General characteristics
- Type: River monitor
- Displacement: 620 tons - Standard; 720 tons - full load;
- Length: 55 m (180.4 ft)
- Beam: 10.1 m (33.1 ft)
- Draught: 1.6 m (5.2 ft)
- Propulsion: Diesel engines; Two propellers;
- Speed: 12 knots (22 km/h)
- Range: 1,350 mi (1,170 nmi; 2,170 km) (2500 km) 10 knots (19 km/h)
- Endurance: 16 days; 90 tons of fuel;
- Complement: 74
- Armament: 1 × 76mm cannon; 2 × Bofors 40 mm/ 70 automatic cannons; 6 × 20 mm Oerlikon; 2 × 81mm mortar;
- Aviation facilities: Helipad

= Brazilian monitor Parnaíba =

River monitor of the Brazilian Navy

Parnaíba (U-17) (/pt/) is a river monitor of the Brazilian Navy.
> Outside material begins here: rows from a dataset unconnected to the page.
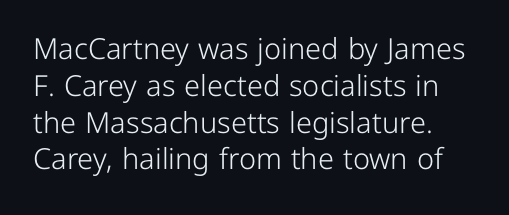
I'd call this a sans setting — the letters go barefoot. Is there much room between lines? A standard amount, neither cramped nor airy. Think of a printed novel: that variable character pitch is what you see here. The lettering holds an erect, upright posture throughout. Has an underline been added? It has not. This reads as an unemphasized weight, regular at the heaviest.
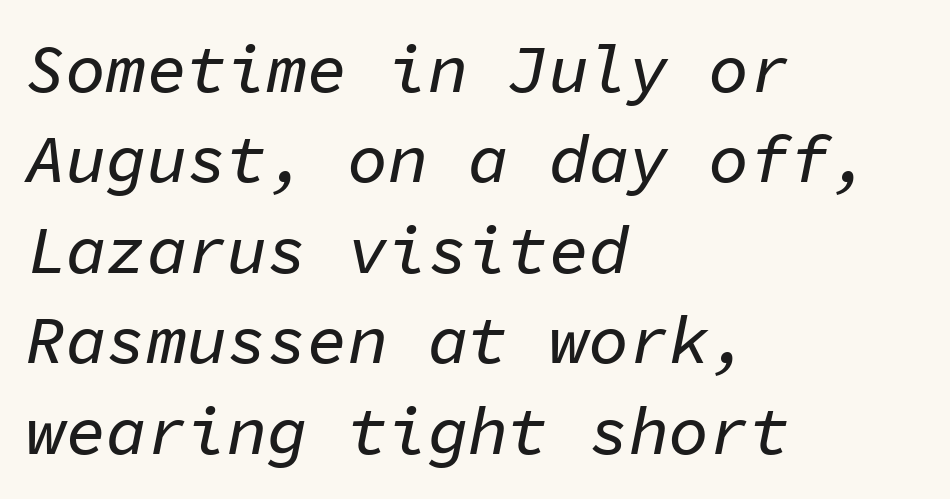
Q: Is the text italic (slanted)? A: Yes, it leans right by about 11 degrees.
Q: Is the text underlined? A: No.
Q: How is the paragraph aligned? A: Left-aligned.
Q: Is the spacing between letters normal or unusually wide? A: Normal.
Q: Is the spacing between lines tight, normal or loose? A: Normal.
Q: Width (condensed, normal, or wide)? A: Normal.
Q: Stroke contrast? A: Low.
Q: x-height? A: Medium.
Q: Monospaced? A: Yes.

She is currently one of the last monitors in service.

== History ==
She was built for the navy in Rio de Janeiro and commissioned on 9 March 1938. She participated in the Second World War and is, as of 2026, one of the world's oldest commissioned warships still in active service. She is assigned to the Mato Grosso Flotilla.

During the Second World War, the ship was assigned for service in the port of Salvador, Bahia, where she underwent light escort missions and coastal patrols against the threat of German submarines, mainly because of her extremely shallow draft which in theory would let any torpedo attack pass under her without any damage to the ship. Her escort missions were mainly in coastal waters because of her poor seaworthiness in open waters, which necessitated constant repairs on the ship.

==Modernization==
She underwent a modernisation program at the Ladario Riverine Naval Base between January 1998 and 6 May 1999, during which her original reciprocating engine was replaced with diesel engines to increase her range and endurance. One of her original engines was placed on display at the Sixth Naval District's Lieutenant Maximiano Memorial Hall. A helicopter platform has been fitted over the fantail, allowing her to operate the IH-6B Bell Jet Ranger III, replacing the Eurocopter AS350.